Start of Source data

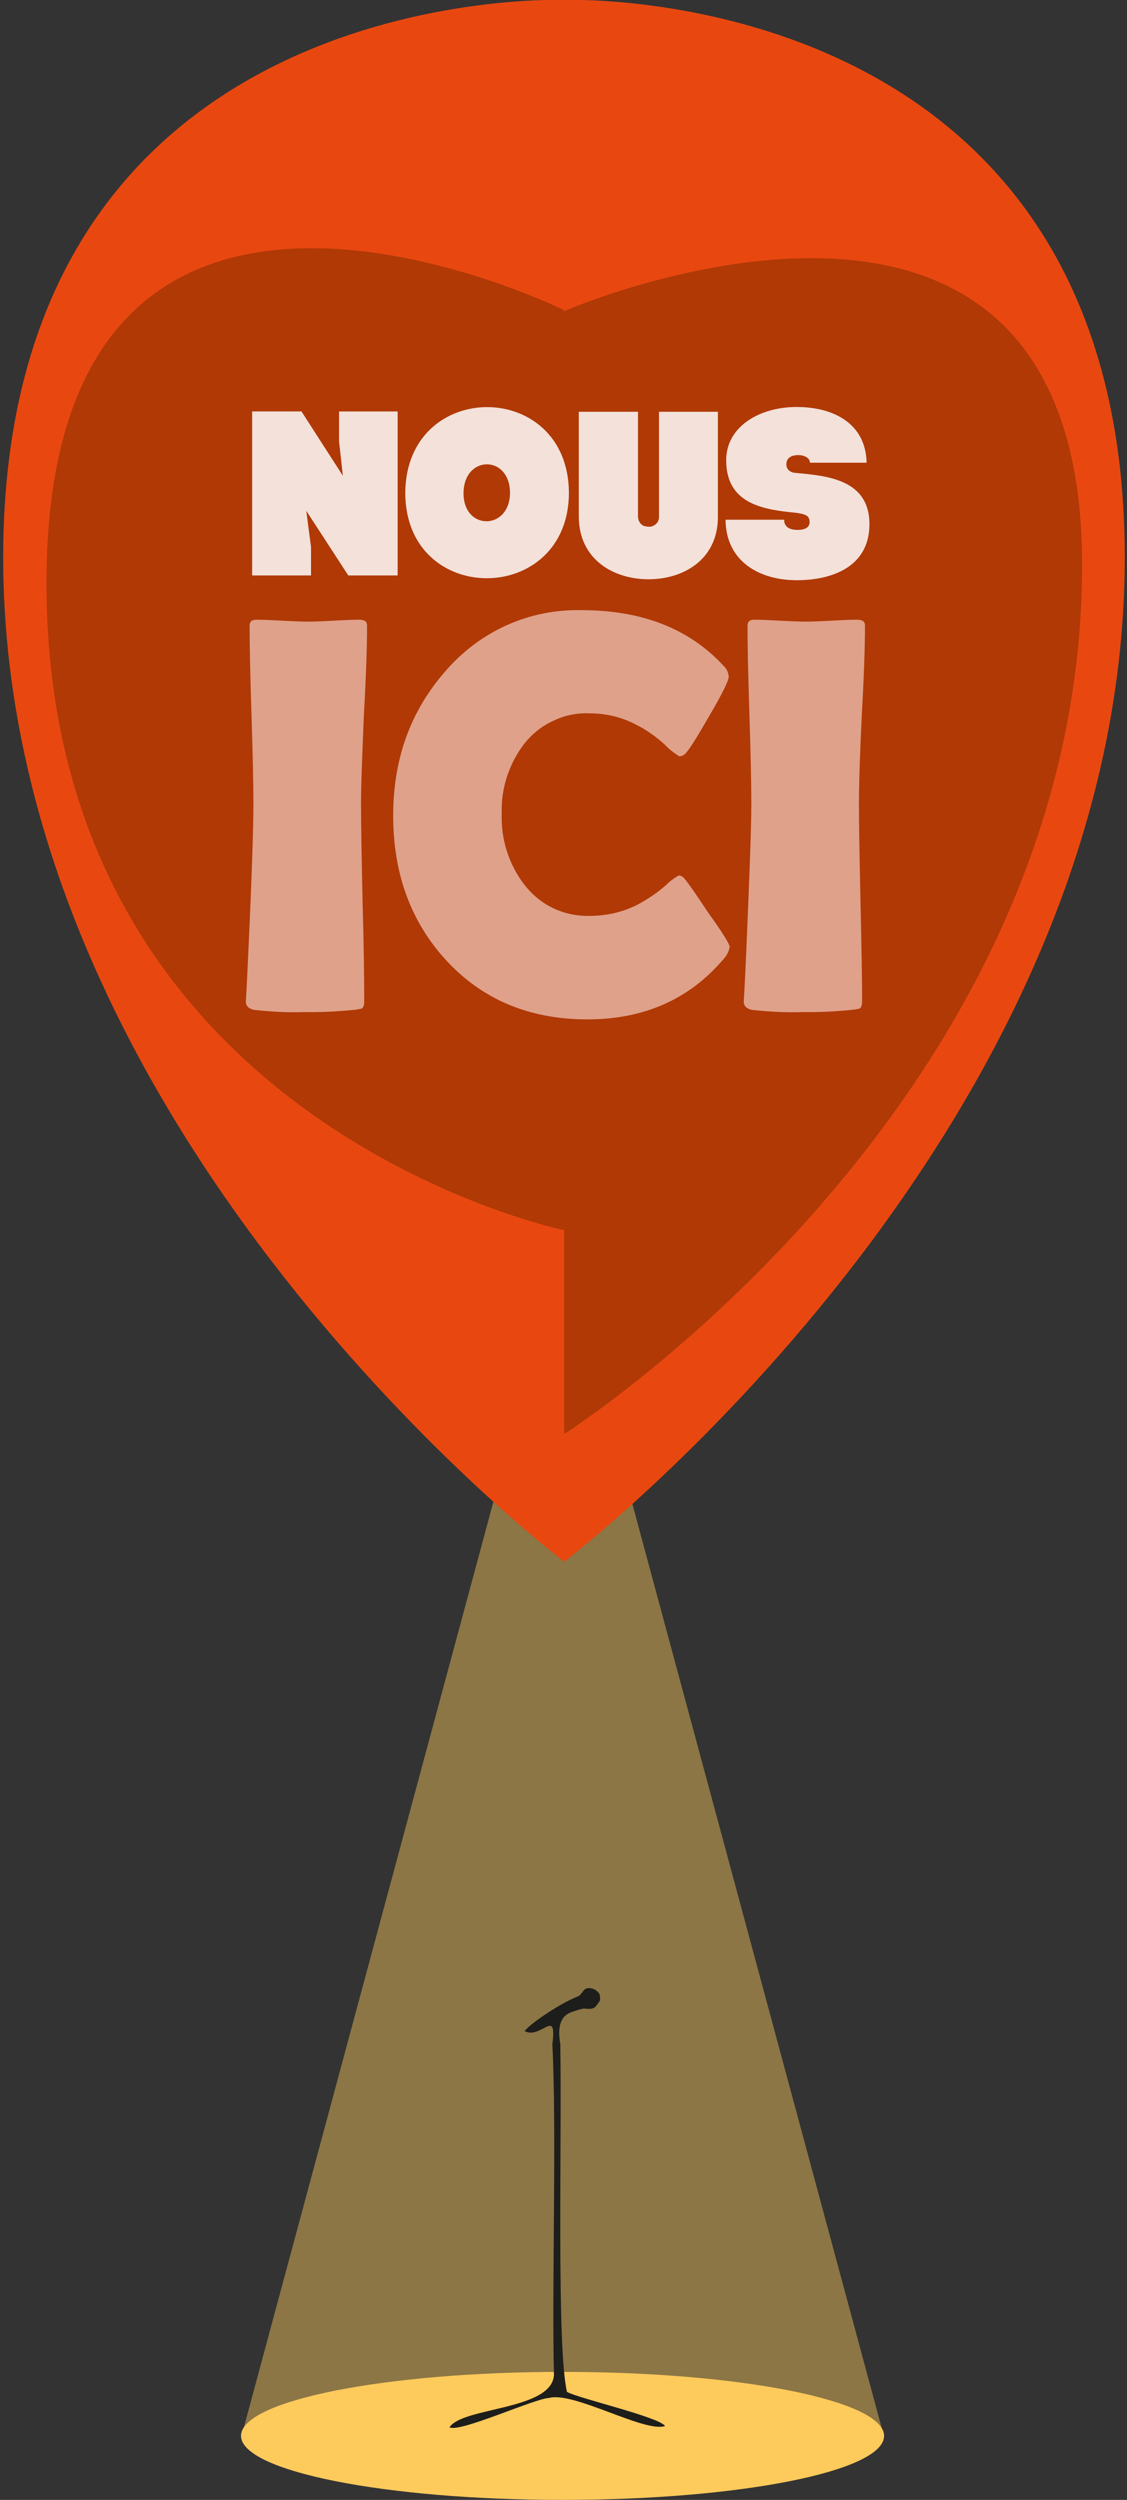 <?xml version="1.0" encoding="utf-8"?>
<!-- Generator: Adobe Illustrator 26.2.1, SVG Export Plug-In . SVG Version: 6.00 Build 0)  -->
<svg version="1.1" id="Calque_1" xmlns="http://www.w3.org/2000/svg" xmlns:xlink="http://www.w3.org/1999/xlink" x="0px" y="0px"
	 viewBox="0 0 354 785" style="enable-background:new 0 0 354 785;" xml:space="preserve">
<rect x="0" y="0" width="354" height="785" fill="#333333" stroke="none"/>
<style type="text/css">
	.st0{opacity:0.44;fill:#FDCA5C;enable-background:new    ;}
	.st1{fill:#FDCA5C;}
	.st2{fill:#1D1D1B;}
	.st3{fill:#E84810;}
	.st4{fill:#B03906;}
	.st5{opacity:0.92;}
	.st6{opacity:0.92;fill:#E8B4A2;enable-background:new    ;}
	.st7{opacity:0.92;fill:#FFFFFF;enable-background:new    ;}
</style>
<path class="st0" d="M176.7,391l101,374.2H75.8L176.7,391z"/>
<path class="st1" d="M176.7,785c55.8,0,101-9,101-20.1s-45.2-20.1-101-20.1s-101,9-101,20.1C75.8,776,121,785,176.7,785z"/>
<path class="st2" d="M172.4,753c-4.6,0.2-28.1,11-31.2,9.2c4.1-6.4,32.1-5.3,32.8-16.4c-0.7-29,0.9-75.7-0.5-103.9
	c1.5-11.8-3.5-1.4-8.7-4.1c1.1-1.8,10.4-8.4,16.7-10.9c1.1-0.4,1.6-2.1,2.7-2.5c0.8-0.2,1.6-0.1,2.3,0.2s1.3,0.8,1.8,1.5
	c0.5,2.4,0,2.2-0.6,3.2c-0.9,1.4-1.6,1.7-4.3,1.4c-1.1,0.2-2.1,0.5-3.2,0.9c-3.3,0.9-5.4,3.4-4.2,10.3c0.5,31.4-1.2,95.2,2.1,109.2
	c3.9,2.1,29,7.9,30.8,10.7C202.5,764,180.1,750.8,172.4,753z"/>
<g>
	<g>
		<path class="st3" d="M177.2,0C177.2,0,1-7,1,175c0,181.9,176.2,315.4,176.2,315.4S353.3,356.9,353.3,175S177.2,0,177.2,0z"/>
		<path class="st4" d="M177.2,97.7v-0.3c0,0-162.6-80.4-162.6,85.7c0,169.7,162.6,203.2,162.6,203.2v64c0,0,162.7-103.2,162.7-272.9
			C339.9,26.9,177.2,97.7,177.2,97.7z"/>
		<g class="st5">
			<path class="st6" d="M113.4,252.4c0,6.9,0.2,17.3,0.5,31.1c0.4,13.8,0.5,24.1,0.5,31c0,1.2-0.3,1.9-0.8,2.2
				c-0.8,0.2-1.5,0.3-2.3,0.4c-5.1,0.5-10.2,0.8-15.3,0.7c-5.4,0.2-10.9-0.1-16.3-0.7c-1.7-0.4-2.5-1.3-2.5-2.7
				c0,0.9,0.3-4.2,0.8-15.4c1.1-23.6,1.6-39.1,1.6-46.5c0-6.2-0.2-15.6-0.6-28s-0.6-21.8-0.6-28c0-1.3,0.7-1.9,2-1.9
				c1.7,0,4.5,0.1,8.2,0.3s6.4,0.3,8.2,0.3c1.8,0,4.5-0.1,8-0.3s6.2-0.3,8-0.3s2.5,0.6,2.5,1.9c0,6.2-0.3,15.6-1,28
				C113.8,236.9,113.4,246.2,113.4,252.4z"/>
			<path class="st6" d="M229.2,297.3c-0.2,1.4-0.9,2.7-1.8,3.7c-10.7,12.7-25,19.1-42.9,19.1c-18.2,0-33-6.2-44.4-18.6
				c-11-12-16.6-27.1-16.6-45.4c0-17.7,5.4-32.7,16.2-45.1c5.3-6.2,11.8-11.2,19.3-14.6c7.5-3.4,15.6-5,23.7-4.8
				c18.9,0,33.8,5.8,44.5,17.4c1,0.9,1.6,2.1,1.7,3.5c0,1.2-2,5.3-6.1,12.3c-4.1,7.1-6.6,11.1-7.7,12c-0.2,0.2-0.5,0.4-0.8,0.5
				s-0.6,0.2-0.9,0.2c-1.6-1-3.1-2.1-4.4-3.5c-2.8-2.6-5.9-4.8-9.3-6.5c-4.4-2.3-9.4-3.5-14.4-3.5c-3.9-0.2-7.9,0.6-11.4,2.3
				c-3.6,1.6-6.7,4.1-9.2,7.2c-4.8,6.3-7.4,14.1-7.1,22c-0.3,8,2.2,15.9,7.1,22.3c2.4,3.1,5.5,5.7,9.1,7.4c3.6,1.7,7.5,2.5,11.5,2.4
				c5,0,10-1.1,14.5-3.3c3.3-1.7,6.3-3.7,9.1-6.1c1.3-1.3,2.7-2.4,4.3-3.3c0.3,0,0.7,0.1,1,0.3c0.3,0.2,0.6,0.4,0.8,0.7
				c0.9,1,3.5,4.7,7.6,10.9C227.1,293,229.2,296.6,229.2,297.3z"/>
			<path class="st6" d="M269.8,252.4c0,6.9,0.2,17.3,0.5,31.1c0.3,13.8,0.5,24.1,0.5,31c0,1.2-0.3,1.9-0.8,2.2
				c-0.7,0.2-1.5,0.3-2.3,0.4c-5.1,0.5-10.2,0.8-15.3,0.7c-5.4,0.2-10.9-0.1-16.3-0.7c-1.7-0.4-2.5-1.3-2.5-2.7
				c0,0.9,0.3-4.2,0.8-15.4c1-23.6,1.6-39.1,1.6-46.5c0-6.2-0.2-15.6-0.6-28c-0.4-12.4-0.6-21.8-0.6-28c0-1.3,0.7-1.9,2-1.9
				c1.8,0,4.5,0.1,8.2,0.3s6.4,0.3,8.2,0.3s4.5-0.1,8-0.3s6.2-0.3,8-0.3s2.5,0.6,2.5,1.9c0,6.2-0.3,15.6-1,28
				C270.1,236.9,269.8,246.2,269.8,252.4z"/>
		</g>
		<g class="st5">
			<path class="st7" d="M97.7,171.8v8.9H79.2v-51.5h15.5l13,20.2l-1.2-10.8v-9.4h18.4v51.5h-15.5l-13.2-20.3L97.7,171.8z"/>
			<path class="st7" d="M178.7,154.8c-0.1,35.5-51.3,35.9-51.4,0C127.5,118.8,178.6,118.9,178.7,154.8z M160.2,154.8
				c0-12-14.5-12-14.6,0C145.5,166.7,160.1,166.6,160.2,154.8z"/>
			<path class="st7" d="M203.7,165.4c0.4,0,0.9,0,1.3-0.2c0.4-0.2,0.8-0.4,1.1-0.7s0.6-0.7,0.7-1.1c0.2-0.4,0.2-0.8,0.2-1.3v-32.8
				h18.5v33c0,13.4-10.8,19.6-21.8,19.6s-21.8-6.2-21.9-19.6v-33h18.6v32.8c0,0.4,0.1,0.9,0.2,1.3c0.2,0.4,0.4,0.8,0.7,1.1
				s0.7,0.6,1.1,0.7C202.9,165.3,203.3,165.4,203.7,165.4z"/>
			<path class="st7" d="M254.4,145.3c0-1.6-1.9-2.4-3.7-2.4s-3.7,0.7-3.7,2.9c0,1.7,1.3,2.6,2.9,2.7c10,0.9,23.2,2.1,23.2,16.1
				c0,13.6-12.1,17.6-22.8,17.6c-11.9,0-22.3-6-22.4-19h18.4c0,2.5,2.1,3.2,4.2,3.2s3.8-0.6,3.8-2.5s-1.2-2.5-4.5-2.9
				c-10.4-1-21.7-2.9-21.7-16.5c0-10.5,10.4-16.7,22.1-16.7c12.3,0,21.8,5.7,22,17.5L254.4,145.3z"/>
		</g>
	</g>
</g>
</svg>

End of Source data

▸ What the exercise asks:
Without the pictures, print the records in full, exactly as they appear.

▸ Reply:
 <?xml version="1.0" encoding="utf-8"?>
<!-- Generator: Adobe Illustrator 26.2.1, SVG Export Plug-In . SVG Version: 6.00 Build 0)  -->
<svg version="1.1" id="Calque_1" xmlns="http://www.w3.org/2000/svg" xmlns:xlink="http://www.w3.org/1999/xlink" x="0px" y="0px"
	 viewBox="0 0 354 785" style="enable-background:new 0 0 354 785;" xml:space="preserve">
<rect x="0" y="0" width="354" height="785" fill="#333333" stroke="none"/>
<style type="text/css">
	.st0{opacity:0.44;fill:#FDCA5C;enable-background:new    ;}
	.st1{fill:#FDCA5C;}
	.st2{fill:#1D1D1B;}
	.st3{fill:#E84810;}
	.st4{fill:#B03906;}
	.st5{opacity:0.92;}
	.st6{opacity:0.92;fill:#E8B4A2;enable-background:new    ;}
	.st7{opacity:0.92;fill:#FFFFFF;enable-background:new    ;}
</style>
<path class="st0" d="M176.7,391l101,374.2H75.8L176.7,391z"/>
<path class="st1" d="M176.7,785c55.8,0,101-9,101-20.1s-45.2-20.1-101-20.1s-101,9-101,20.1C75.8,776,121,785,176.7,785z"/>
<path class="st2" d="M172.4,753c-4.6,0.2-28.1,11-31.2,9.2c4.1-6.4,32.1-5.3,32.8-16.4c-0.7-29,0.9-75.7-0.5-103.9
	c1.5-11.8-3.5-1.4-8.7-4.1c1.1-1.8,10.4-8.4,16.7-10.9c1.1-0.4,1.6-2.1,2.7-2.5c0.8-0.2,1.6-0.1,2.3,0.2s1.3,0.8,1.8,1.5
	c0.5,2.4,0,2.2-0.6,3.2c-0.9,1.4-1.6,1.7-4.3,1.4c-1.1,0.2-2.1,0.5-3.2,0.9c-3.3,0.9-5.4,3.4-4.2,10.3c0.5,31.4-1.2,95.2,2.1,109.2
	c3.9,2.1,29,7.9,30.8,10.7C202.5,764,180.1,750.8,172.4,753z"/>
<g>
	<g>
		<path class="st3" d="M177.2,0C177.2,0,1-7,1,175c0,181.9,176.2,315.4,176.2,315.4S353.3,356.9,353.3,175S177.2,0,177.2,0z"/>
		<path class="st4" d="M177.2,97.7v-0.3c0,0-162.6-80.4-162.6,85.7c0,169.7,162.6,203.2,162.6,203.2v64c0,0,162.7-103.2,162.7-272.9
			C339.9,26.9,177.2,97.7,177.2,97.7z"/>
		<g class="st5">
			<path class="st6" d="M113.4,252.4c0,6.9,0.2,17.3,0.5,31.1c0.4,13.8,0.5,24.1,0.5,31c0,1.2-0.3,1.9-0.8,2.2
				c-0.8,0.2-1.5,0.3-2.3,0.4c-5.1,0.5-10.2,0.8-15.3,0.7c-5.4,0.2-10.9-0.1-16.3-0.7c-1.7-0.4-2.5-1.3-2.5-2.7
				c0,0.9,0.3-4.2,0.8-15.4c1.1-23.6,1.6-39.1,1.6-46.5c0-6.2-0.2-15.6-0.6-28s-0.6-21.8-0.6-28c0-1.3,0.7-1.9,2-1.9
				c1.7,0,4.5,0.1,8.2,0.3s6.4,0.3,8.2,0.3c1.8,0,4.5-0.1,8-0.3s6.2-0.3,8-0.3s2.5,0.6,2.5,1.9c0,6.2-0.3,15.6-1,28
				C113.8,236.9,113.4,246.2,113.4,252.4z"/>
			<path class="st6" d="M229.2,297.3c-0.2,1.4-0.9,2.7-1.8,3.7c-10.7,12.7-25,19.1-42.9,19.1c-18.2,0-33-6.2-44.4-18.6
				c-11-12-16.6-27.1-16.6-45.4c0-17.7,5.4-32.7,16.2-45.1c5.3-6.2,11.8-11.2,19.3-14.6c7.5-3.4,15.6-5,23.7-4.8
				c18.9,0,33.8,5.8,44.5,17.4c1,0.9,1.6,2.1,1.7,3.5c0,1.2-2,5.3-6.1,12.3c-4.1,7.1-6.6,11.1-7.7,12c-0.2,0.2-0.5,0.4-0.8,0.5
				s-0.6,0.2-0.9,0.2c-1.6-1-3.1-2.1-4.4-3.5c-2.8-2.6-5.9-4.8-9.3-6.5c-4.4-2.3-9.4-3.5-14.4-3.5c-3.9-0.2-7.9,0.6-11.4,2.3
				c-3.6,1.6-6.7,4.1-9.2,7.2c-4.8,6.3-7.4,14.1-7.1,22c-0.3,8,2.2,15.9,7.1,22.3c2.4,3.1,5.5,5.7,9.1,7.4c3.6,1.7,7.5,2.5,11.5,2.4
				c5,0,10-1.1,14.5-3.3c3.3-1.7,6.3-3.7,9.1-6.1c1.3-1.3,2.7-2.4,4.3-3.3c0.3,0,0.7,0.1,1,0.3c0.3,0.2,0.6,0.4,0.8,0.7
				c0.9,1,3.5,4.7,7.6,10.9C227.1,293,229.2,296.6,229.2,297.3z"/>
			<path class="st6" d="M269.8,252.4c0,6.9,0.2,17.3,0.5,31.1c0.3,13.8,0.5,24.1,0.5,31c0,1.2-0.3,1.9-0.8,2.2
				c-0.7,0.2-1.5,0.3-2.3,0.4c-5.1,0.5-10.2,0.8-15.3,0.7c-5.4,0.2-10.9-0.1-16.3-0.7c-1.7-0.4-2.5-1.3-2.5-2.7
				c0,0.9,0.3-4.2,0.8-15.4c1-23.6,1.6-39.1,1.6-46.5c0-6.2-0.2-15.6-0.6-28c-0.4-12.4-0.6-21.8-0.6-28c0-1.3,0.7-1.9,2-1.9
				c1.8,0,4.5,0.1,8.2,0.3s6.4,0.3,8.2,0.3s4.5-0.1,8-0.3s6.2-0.3,8-0.3s2.5,0.6,2.5,1.9c0,6.2-0.3,15.6-1,28
				C270.1,236.9,269.8,246.2,269.8,252.4z"/>
		</g>
		<g class="st5">
			<path class="st7" d="M97.7,171.8v8.9H79.2v-51.5h15.5l13,20.2l-1.2-10.8v-9.4h18.4v51.5h-15.5l-13.2-20.3L97.7,171.8z"/>
			<path class="st7" d="M178.7,154.8c-0.1,35.5-51.3,35.9-51.4,0C127.5,118.8,178.6,118.9,178.7,154.8z M160.2,154.8
				c0-12-14.5-12-14.6,0C145.5,166.7,160.1,166.6,160.2,154.8z"/>
			<path class="st7" d="M203.7,165.4c0.4,0,0.9,0,1.3-0.2c0.4-0.2,0.8-0.4,1.1-0.7s0.6-0.7,0.7-1.1c0.2-0.4,0.2-0.8,0.2-1.3v-32.8
				h18.5v33c0,13.4-10.8,19.6-21.8,19.6s-21.8-6.2-21.9-19.6v-33h18.6v32.8c0,0.4,0.1,0.9,0.2,1.3c0.2,0.4,0.4,0.8,0.7,1.1
				s0.7,0.6,1.1,0.7C202.9,165.3,203.3,165.4,203.7,165.4z"/>
			<path class="st7" d="M254.4,145.3c0-1.6-1.9-2.4-3.7-2.4s-3.7,0.7-3.7,2.9c0,1.7,1.3,2.6,2.9,2.7c10,0.9,23.2,2.1,23.2,16.1
				c0,13.6-12.1,17.6-22.8,17.6c-11.9,0-22.3-6-22.4-19h18.4c0,2.5,2.1,3.2,4.2,3.2s3.8-0.6,3.8-2.5s-1.2-2.5-4.5-2.9
				c-10.4-1-21.7-2.9-21.7-16.5c0-10.5,10.4-16.7,22.1-16.7c12.3,0,21.8,5.7,22,17.5L254.4,145.3z"/>
		</g>
	</g>
</g>
</svg>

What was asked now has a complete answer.